Demodex injai

Scientific classification
- Kingdom: Animalia
- Phylum: Arthropoda
- Subphylum: Chelicerata
- Class: Arachnida
- Order: Trombidiformes
- Family: Demodecidae
- Genus: Demodex
- Species: D. injai
- Binomial name: Demodex injai Desch & Hillier, 2003

= Demodex injai =

- Genus: Demodex
- Species: injai
- Authority: Desch & Hillier, 2003

Species of mite

Demodex injai is a species of parasitic long-bodied mite of the genus Demodex that infests hair follicles of mammals of the genus Canis. The largest long-bodied mite inhabiting carnivores; D. injai is a frequent subject of study in veterinary medicine, due to being one of the primary parasites known to cause red mange, a common skin disease among domestic dogs.

==Taxonomy==
D. injai was first described during a 1997 study by Clifford Desch and Andrew Hillier of specimens collected from a Scottish Terrier, and was at that point assumed to be a subspecies of D. canis. In 2003, it was first proposed by Desch and Hillier that D. injai was a separate species. This classification was based solely on morphology and conjecture until genetic sequencing in 2012 confirmed that D. injai was a fully distinct species.

==Description==
D. injai is a long-bodied Demodex mite, the largest such mite found in carnivores. The general appearance of D. injai can be described as worm-like. Consistent with other species in its family and genus, D. injai has a small, thin, usually elongated body, with four pairs of legs. The body plan of the mite consists of three distinct sections; the gnathosoma, podosoma, and opisthosoma. The gnathosoma is trapezoidal in shape with distinguishing doubled-tined spinal growths. The spacing of legs along the podosoma is uniform in a manner typical for related species; and the legs are "wedge-shaped" with spurred claws; another spur is present at the leg's midpoint. The ventral opening towards the back of the opisthosoma is flared, and has the reproductive organs extending outside of this opening in the form of a narrow tube. The reproductive organs are visually identical between the two sexes. The opisthosoma of D. injai is significantly longer and wider than similar species.

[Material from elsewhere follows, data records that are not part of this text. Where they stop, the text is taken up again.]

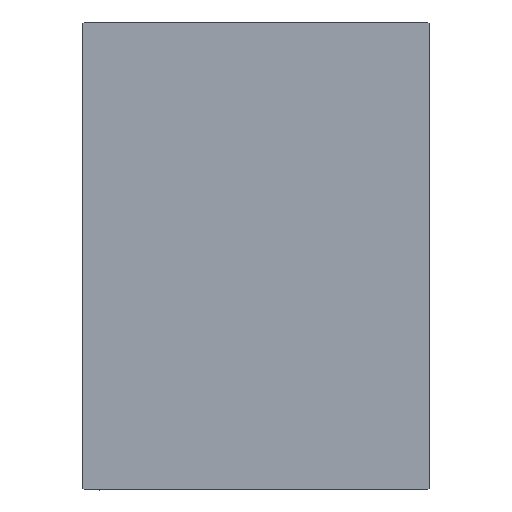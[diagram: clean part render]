
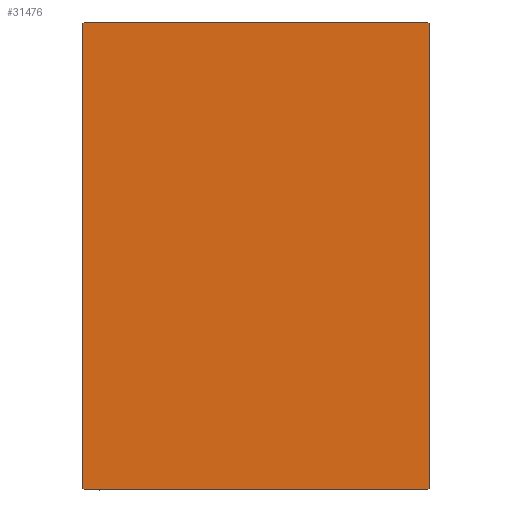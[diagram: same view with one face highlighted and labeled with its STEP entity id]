
A CAD part, left-side view. The second image highlights one B-rep face of the part: STEP entity #31476.
In plain terms, the highlighted face is planar.
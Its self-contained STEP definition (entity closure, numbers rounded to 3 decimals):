
#38 = ORIENTED_EDGE ( 'NONE', *, *, #19662, .T. ) ;
#154 = VECTOR ( 'NONE', #14472, 1000. ) ;
#1114 = VERTEX_POINT ( 'NONE', #32313 ) ;
#4490 = ORIENTED_EDGE ( 'NONE', *, *, #20304, .T. ) ;
#4979 = CARTESIAN_POINT ( 'NONE',  ( 88., 36.85, 36.85 ) ) ;
#6506 = LINE ( 'NONE', #33328, #25451 ) ;
#7735 = EDGE_CURVE ( 'NONE', #1114, #28026, #8349, .T. ) ;
#7883 = VERTEX_POINT ( 'NONE', #13382 ) ;
#7942 = EDGE_CURVE ( 'NONE', #39862, #30597, #27011, .T. ) ;
#8240 = CARTESIAN_POINT ( 'NONE',  ( 88., 31.5, -42.2 ) ) ;
#8349 = LINE ( 'NONE', #11008, #32399 ) ;
#9197 = LINE ( 'NONE', #41747, #9459 ) ;
#9459 = VECTOR ( 'NONE', #42602, 1000. ) ;
#10250 = DIRECTION ( 'NONE',  ( 0., 0., -1. ) ) ;
#10317 = EDGE_CURVE ( 'NONE', #32668, #1114, #9197, .T. ) ;
#10321 = DIRECTION ( 'NONE',  ( 0., 0.707, 0.707 ) ) ;
#10426 = ORIENTED_EDGE ( 'NONE', *, *, #7942, .T. ) ;
#10532 = CARTESIAN_POINT ( 'NONE',  ( 88., 31.5, -42.5 ) ) ;
#11008 = CARTESIAN_POINT ( 'NONE',  ( 88., -31.5, 42.5 ) ) ;
#11336 = VECTOR ( 'NONE', #40717, 1000. ) ;
#13382 = CARTESIAN_POINT ( 'NONE',  ( 88., 31.2, 42.5 ) ) ;
#14472 = DIRECTION ( 'NONE',  ( 0., 0., 1. ) ) ;
#14952 = LINE ( 'NONE', #37397, #35925 ) ;
#15360 = ORIENTED_EDGE ( 'NONE', *, *, #7735, .T. ) ;
#16158 = FACE_OUTER_BOUND ( 'NONE', #16520, .T. ) ;
#16520 = EDGE_LOOP ( 'NONE', ( #38, #10426, #4490, #35090, #25101, #19586, #15360, #19810 ) ) ;
#17121 = CARTESIAN_POINT ( 'NONE',  ( 88., 31.5, 42.2 ) ) ;
#17921 = EDGE_CURVE ( 'NONE', #28026, #28668, #24658, .T. ) ;
#18018 = VECTOR ( 'NONE', #10321, 1000. ) ;
#19586 = ORIENTED_EDGE ( 'NONE', *, *, #10317, .T. ) ;
#19662 = EDGE_CURVE ( 'NONE', #28668, #39862, #6506, .T. ) ;
#19810 = ORIENTED_EDGE ( 'NONE', *, *, #17921, .T. ) ;
#20304 = EDGE_CURVE ( 'NONE', #30597, #37712, #40841, .T. ) ;
#21815 = CARTESIAN_POINT ( 'NONE',  ( 88., -31.2, 42.5 ) ) ;
#22141 = LINE ( 'NONE', #4979, #33798 ) ;
#22467 = EDGE_CURVE ( 'NONE', #37712, #7883, #22141, .T. ) ;
#23437 = DIRECTION ( 'NONE',  ( 0., 1., 0. ) ) ;
#23540 = AXIS2_PLACEMENT_3D ( 'NONE', #39898, #33079, #10250 ) ;
#23695 = EDGE_CURVE ( 'NONE', #7883, #32668, #14952, .T. ) ;
#24658 = LINE ( 'NONE', #34131, #11336 ) ;
#25012 = DIRECTION ( 'NONE',  ( 0., -0.707, 0.707 ) ) ;
#25101 = ORIENTED_EDGE ( 'NONE', *, *, #23695, .T. ) ;
#25451 = VECTOR ( 'NONE', #23437, 1000. ) ;
#26364 = CARTESIAN_POINT ( 'NONE',  ( 88., 31.2, -42.5 ) ) ;
#27011 = LINE ( 'NONE', #30524, #18018 ) ;
#27057 = CARTESIAN_POINT ( 'NONE',  ( 88., -31.2, -42.5 ) ) ;
#28026 = VERTEX_POINT ( 'NONE', #40565 ) ;
#28668 = VERTEX_POINT ( 'NONE', #27057 ) ;
#30524 = CARTESIAN_POINT ( 'NONE',  ( 88., 36.85, -36.85 ) ) ;
#30597 = VERTEX_POINT ( 'NONE', #8240 ) ;
#31476 = ADVANCED_FACE ( 'NONE', ( #16158 ), #39679, .T. ) ;
#32313 = CARTESIAN_POINT ( 'NONE',  ( 88., -31.5, 42.2 ) ) ;
#32399 = VECTOR ( 'NONE', #38666, 1000. ) ;
#32668 = VERTEX_POINT ( 'NONE', #21815 ) ;
#33079 = DIRECTION ( 'NONE',  ( 1., 0., 0. ) ) ;
#33328 = CARTESIAN_POINT ( 'NONE',  ( 88., -31.5, -42.5 ) ) ;
#33798 = VECTOR ( 'NONE', #25012, 1000. ) ;
#34131 = CARTESIAN_POINT ( 'NONE',  ( 88., -36.85, -36.85 ) ) ;
#35090 = ORIENTED_EDGE ( 'NONE', *, *, #22467, .T. ) ;
#35925 = VECTOR ( 'NONE', #40690, 1000. ) ;
#37397 = CARTESIAN_POINT ( 'NONE',  ( 88., 31.5, 42.5 ) ) ;
#37712 = VERTEX_POINT ( 'NONE', #17121 ) ;
#38666 = DIRECTION ( 'NONE',  ( 0., 0., -1. ) ) ;
#39679 = PLANE ( 'NONE',  #23540 ) ;
#39862 = VERTEX_POINT ( 'NONE', #26364 ) ;
#39898 = CARTESIAN_POINT ( 'NONE',  ( 88., 0., 0. ) ) ;
#40565 = CARTESIAN_POINT ( 'NONE',  ( 88., -31.5, -42.2 ) ) ;
#40690 = DIRECTION ( 'NONE',  ( 0., -1., 0. ) ) ;
#40717 = DIRECTION ( 'NONE',  ( 0., 0.707, -0.707 ) ) ;
#40841 = LINE ( 'NONE', #10532, #154 ) ;
#41747 = CARTESIAN_POINT ( 'NONE',  ( 88., -36.85, 36.85 ) ) ;
#42602 = DIRECTION ( 'NONE',  ( 0., -0.707, -0.707 ) ) ;

Larvae of the species are six-legged, and eventually develop into eight-legged nymphs after several molts. The adults have eight legs.

A study of Polish specimens in 2008 concluded that males of the species ranged from 309 to 411 μm in length, and females ranged from 282 to 396 μm. These lengths are three times longer than the closely related Demodex cornei and Demodex canis, which are also known to infest dogs and occupy a similar ecological niche.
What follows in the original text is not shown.